• **Work task**: Output every entry exactly as written, skipping any pictures.

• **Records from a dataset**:
★ ★ ★ ★ ★

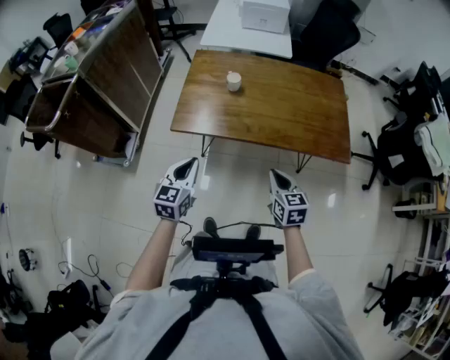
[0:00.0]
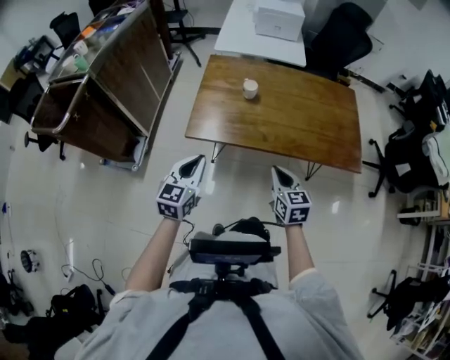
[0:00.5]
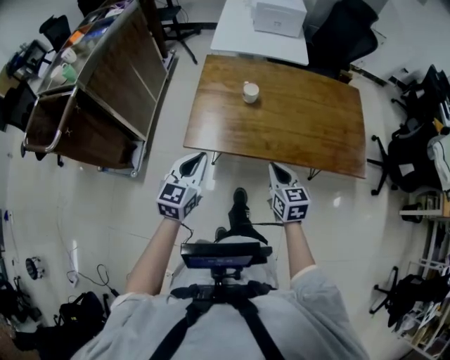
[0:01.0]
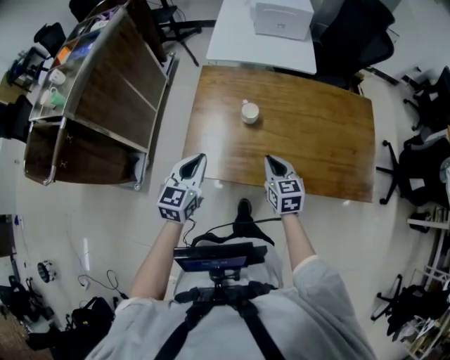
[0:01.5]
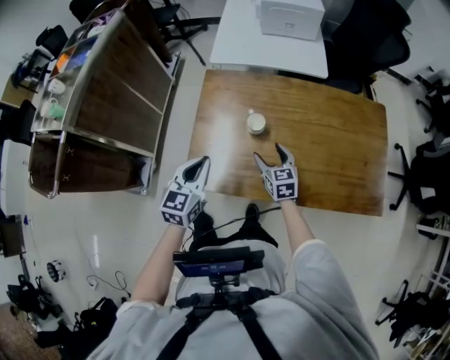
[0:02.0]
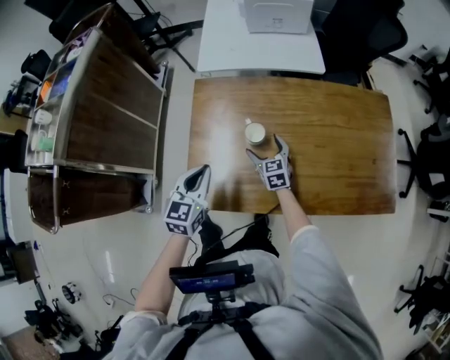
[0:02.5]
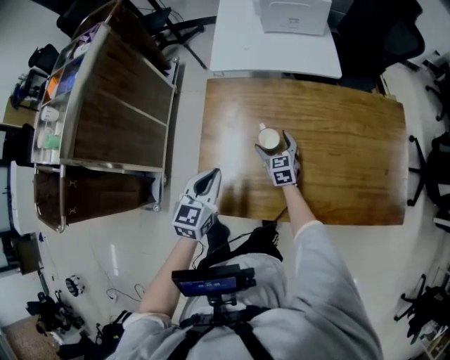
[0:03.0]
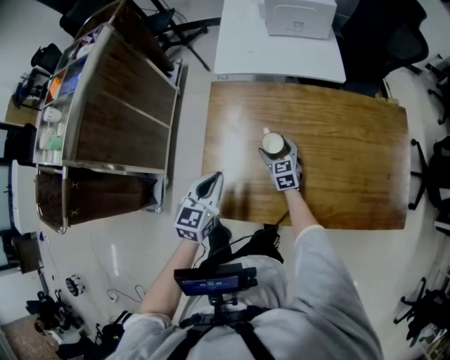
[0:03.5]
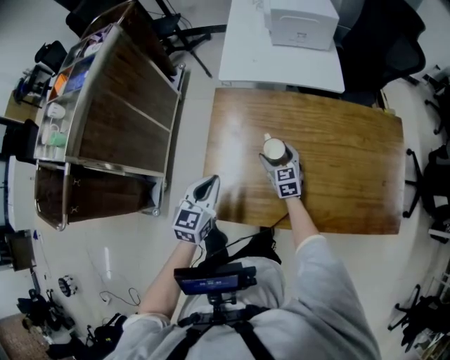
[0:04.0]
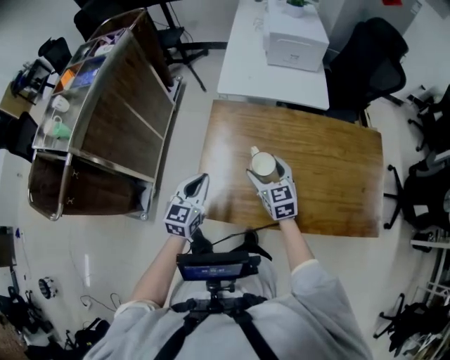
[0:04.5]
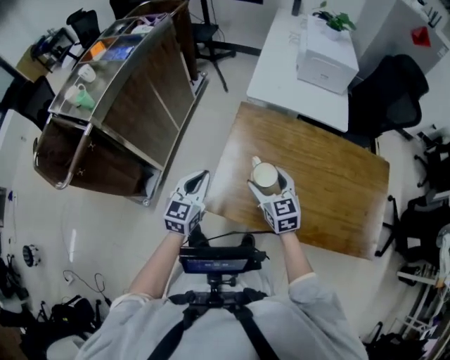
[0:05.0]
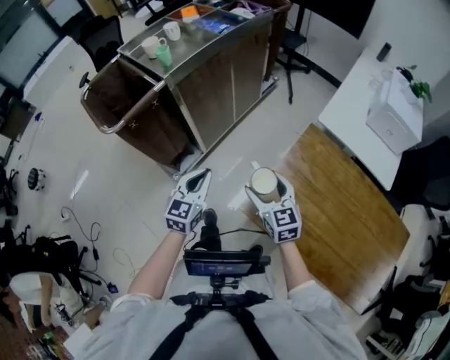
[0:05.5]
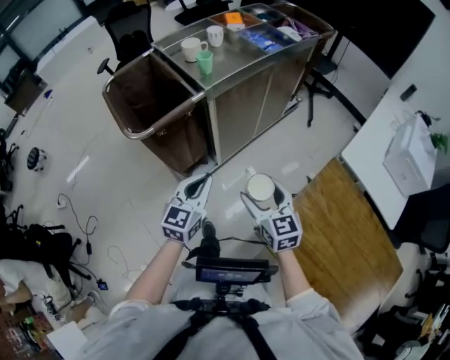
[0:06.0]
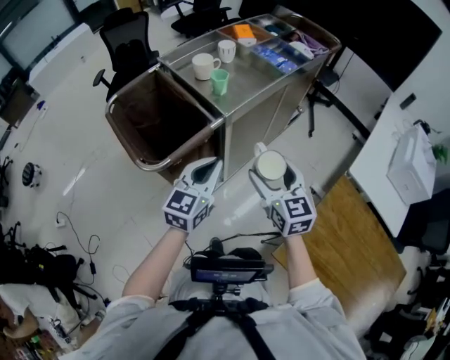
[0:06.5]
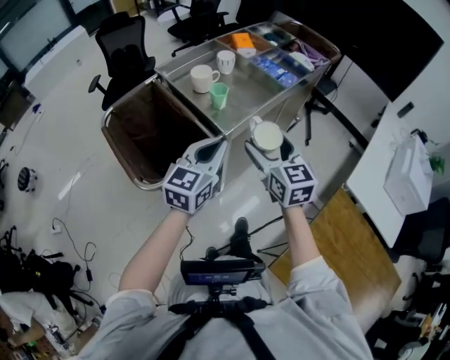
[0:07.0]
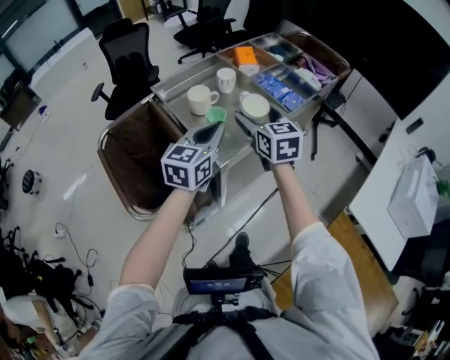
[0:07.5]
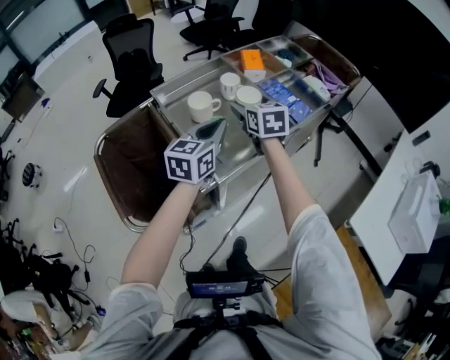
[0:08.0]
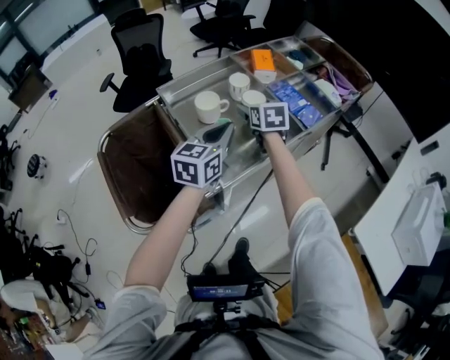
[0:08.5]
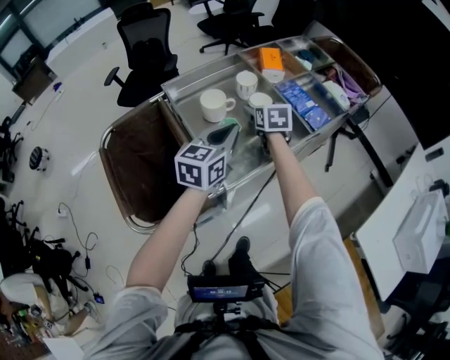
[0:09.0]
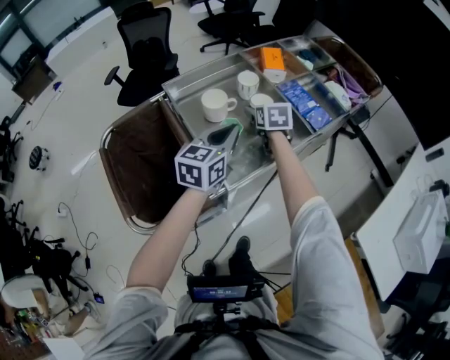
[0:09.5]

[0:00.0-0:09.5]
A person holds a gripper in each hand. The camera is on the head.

★ ★ ★ ★ ★

• **Task result**:
[0:00.0]
[0:00.5]
[0:01.0]
[0:01.5]
[0:02.0]
[0:02.5]
[0:03.0]
[0:03.5]
[0:04.0]
[0:04.5]
[0:05.0]
[0:05.5]
[0:06.0]
[0:06.5]
[0:07.0]
[0:07.5]
[0:08.0]
[0:08.5]
[0:09.0]
[0:09.5]

[0:00.0-0:09.5]
A person holds a gripper in each hand. The camera is on the head.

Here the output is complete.